Setup & Installation

Follow these steps to configure your environment for all phases.

1. Clone and Configure Environment

# Create a virtual environment
python3 -m venv .venv

# Activate it (Mac/Linux)
source .venv/bin/activate
# Activate it (Windows)
.venv\Scripts\activate

2. Install Dependencies

pip install -r requirements.txt

3. Set API Keys Create a file named .env in the root folder and add your keys:

OPENAI_API_KEY=sk-proj-...
TAVILY_API_KEY=tvly-...
GCP_PROJECT_ID=...
GOOGLE_APPLICATION_CREDENTIALS=/abs/path/to/key.json

The Roadmap Philosophy

This curriculum follows a strict "Crawl, Walk, Run" progression. We do not jump straight to complex Agents because they are impossible to debug without strong foundations.

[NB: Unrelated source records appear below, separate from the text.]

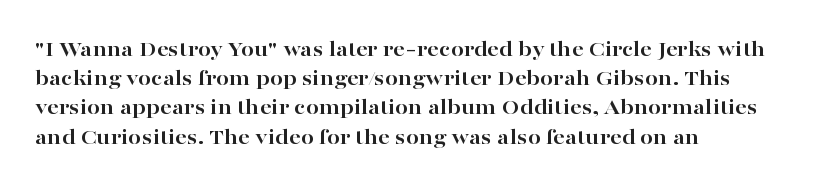
Q: Is the text bold? A: Yes.
Q: Is the text italic (slanted)? A: No, it is upright.
Q: Is the text underlined? A: No.
Q: How is the paragraph aligned? A: Left-aligned.
Q: Is the spacing between letters normal or unusually wide? A: Normal.
Q: Is the spacing between lines tight, normal or loose? A: Normal.
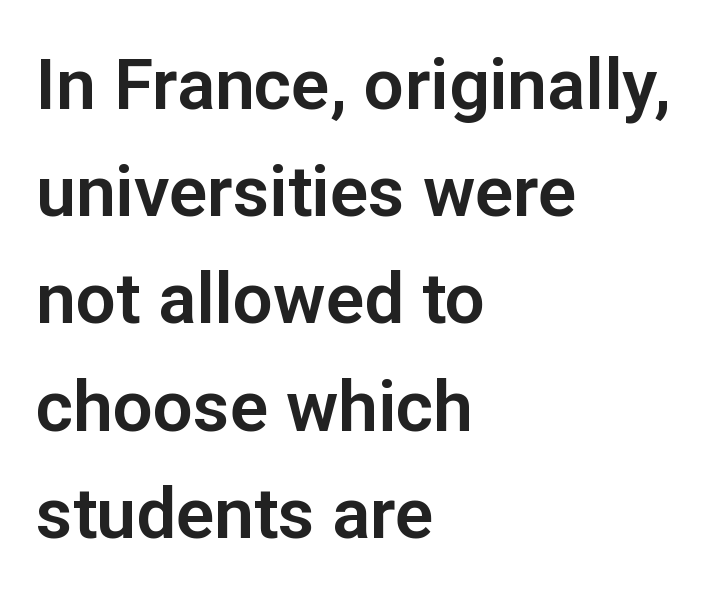
{"serif": "no", "italic": "no", "width": "normal", "stroke_contrast": "low", "x_height": "medium", "monospaced": "no", "underline": "no", "align": "left", "line_spacing": "normal", "line_spacing_ratio": 1.51, "letter_spacing": "normal", "letter_spacing_em": 0.0, "glyph_px": 71}
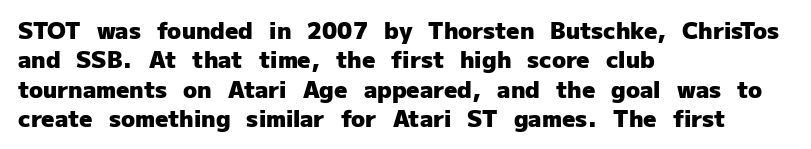
In terms of posture, this sample is upright. Whoever set this chose a conventional vertical rhythm. The space directly below the letters is spotless. A typesetter would call this zero additional tracking.
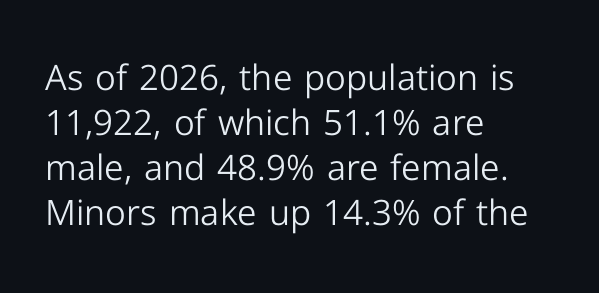
The image shows 35 px light sans-serif type, upright; set left-aligned, normal line spacing (1.29x), normal letter spacing, not underlined; low stroke contrast and a medium x-height.
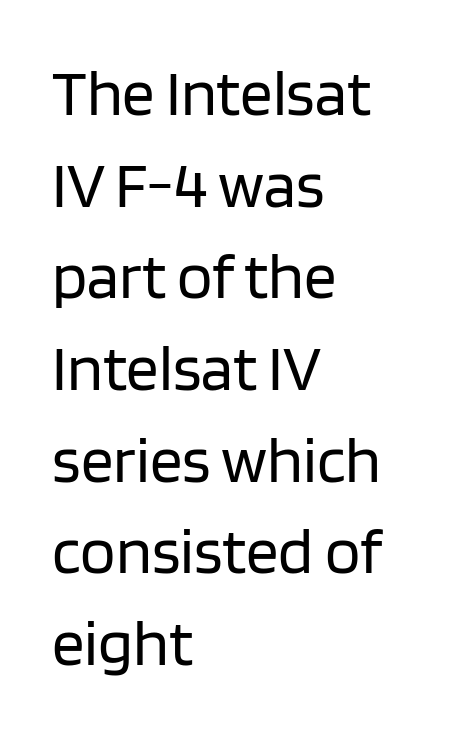
The image shows 65 px regular-weight sans-serif type, upright; set left-aligned, normal line spacing (1.41x), normal letter spacing, not underlined; low stroke contrast and a large x-height.
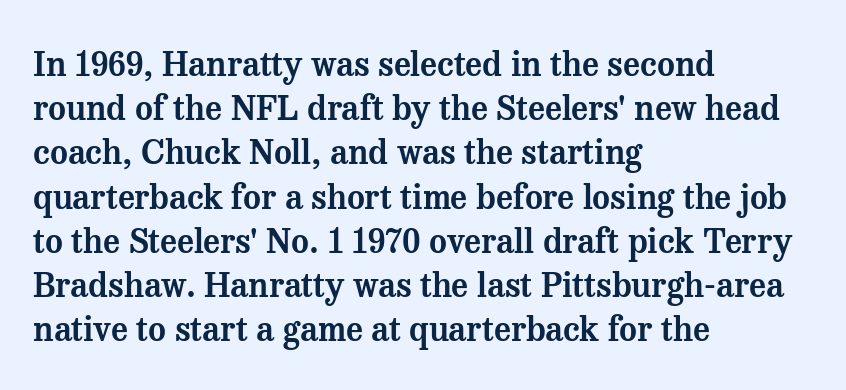
{"serif": "yes", "italic": "no", "width": "normal", "stroke_contrast": "medium", "x_height": "medium", "monospaced": "no", "underline": "no", "align": "left", "line_spacing": "normal", "line_spacing_ratio": 1.3, "letter_spacing": "normal", "letter_spacing_em": 0.0, "glyph_px": 34}
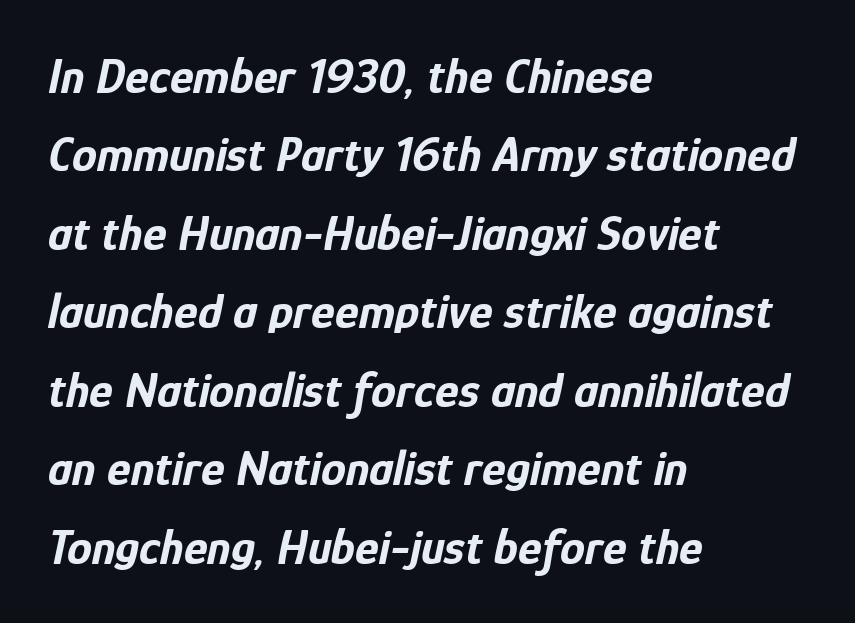
Q: Is the text bold? A: Yes.
Q: Is the text italic (slanted)? A: Yes, it leans right by about 12 degrees.
Q: Is the text underlined? A: No.
Q: How is the paragraph aligned? A: Left-aligned.
Q: Is the spacing between letters normal or unusually wide? A: Normal.
Q: Is the spacing between lines tight, normal or loose? A: Normal.
Q: Width (condensed, normal, or wide)? A: Condensed.
Q: Stroke contrast? A: Low.
Q: x-height? A: Medium.
Q: Monospaced? A: No.

  1. Phase 1 (The Brain): Treats the LLM as a passive knowledge engine. Focuses on RAG and Prompting.
  2. Phase 2 (The Hands): Gives the LLM the ability to execute code. Focuses on Tool Use and Determinism.
  3. Phase 3 (The Application): Combines Brain and Hands into Agentic RAG with citations and self-correction.
  4. Phase 4 (The Logic): Introduces "Cortex" logic using Graphs (loops, retries, persistence).
  5. Phase 5 (The Protocol): Standardizes connections using MCP and Pydantic AI.
  6. Phase 6 (The Intelligence): Implements Vendor Agnosticism (Multi-Model Routing).
  7. Phase 7 (Production): Focuses on Scale, Evals, Caching, and Docker Deployment.

Phase 1: Foundations (The Brain)

Goal: Control the LLM and give it access to knowledge.

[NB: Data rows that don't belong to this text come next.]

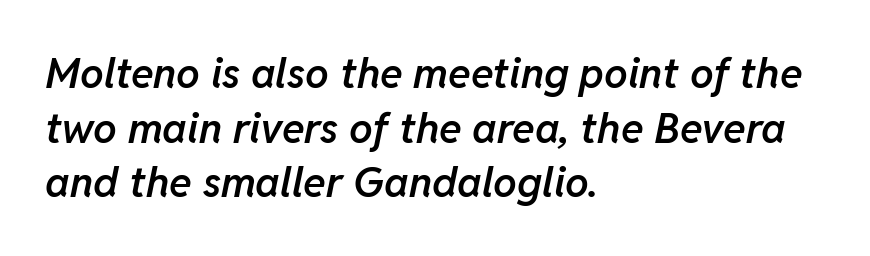
Quick note: underline off. Each glyph is drawn with semibold strokes, heavier than normal yet not fully bold. Is the letter spacing exaggerated? No — it looks like the ordinary default. The specimen reads as italic at a glance. The paragraph has a hard left edge and a soft right edge.
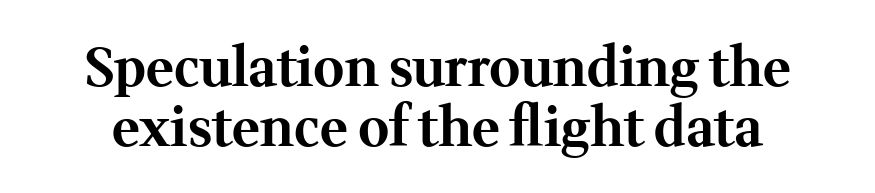
Descender tails drop into unmarked territory. The letters stand upright; this is a roman face. Think of a printed novel: that variable character pitch is what you see here. Each word holds together tightly as a unit, with standard inter-letter gaps. Compared with typical paragraphs, the rows here are closer together.
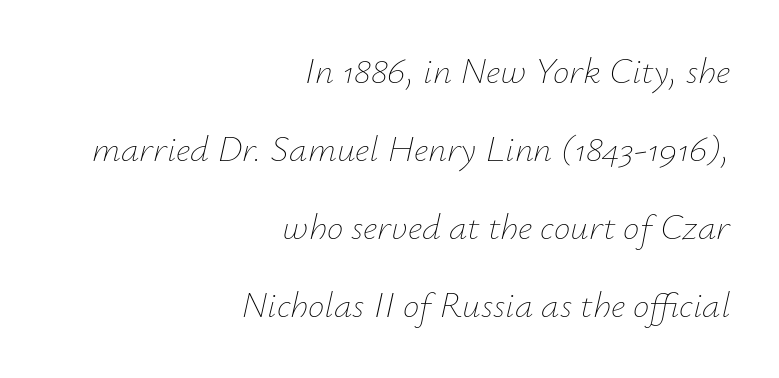
{"italic": "yes", "lean": "right", "slant_degrees": 12, "bold": "no", "weight": "thin", "width": "normal", "stroke_contrast": "low", "x_height": "small", "monospaced": "no", "underline": "no", "align": "right", "line_spacing": "loose", "line_spacing_ratio": 2.11, "letter_spacing": "normal", "letter_spacing_em": 0.0, "glyph_px": 37}

Part Topic Engineering Pattern
01 Prompting In-Context Learning: Constraining model tone/style without fine-tuning (Few-Shot).
02 RAG Basics Context Injection: Grounding the model in static data to prevent hallucinations.
03 Embeddings Vector Math: Matching queries by semantic meaning, not just keywords.
04 Storage Persistence: Using ChromaDB (HNSW index) for scalable, long-term memory.
05 Capstone 1 The Resume Bot: An end-to-end RAG application with citation logic.

Phase 2: Reliable Agents (The Hands)

Goal: Transition from "Passive Chat" to "Active Work" using Tools and Pydantic.

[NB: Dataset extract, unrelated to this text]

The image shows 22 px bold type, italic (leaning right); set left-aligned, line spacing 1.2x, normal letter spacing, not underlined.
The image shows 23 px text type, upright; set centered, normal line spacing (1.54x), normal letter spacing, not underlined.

Part Topic Engineering Pattern
01 Tools Deterministic Execution: Letting LLMs trigger reliable Python functions (Math/API).
02 Chains Pipelines: Breaking complex tasks into atomic, linear steps (A -> B -> C).
03 Schemas Pydantic: Enforcing strict input/output validation. (No broken JSON).
04 Memory Context Buffers: Managing conversation history in stateful applications.
05 Routing Intent Classification: Using logic to route user queries to the correct tool.

Phase 3: Agentic RAG (The Application)

Goal: Building systems that can research, reason, and cite evidence.

Part Topic Engineering Pattern
01 RAG Tool Dynamic Retrieval: Wrapping Vector Search into a callable Tool so the Agent decides when to search.
02 Hybrid Agents Multi-Tool Routing: An agent that can dynamically switch between Math (Calculator) and Search (RAG).
03 Citations Grounding: Injecting source metadata into the context to force evidence-based answers.
04 Auto-Evals LLM-as-a-Judge: Building automated unit tests to grade the agent's accuracy and citations.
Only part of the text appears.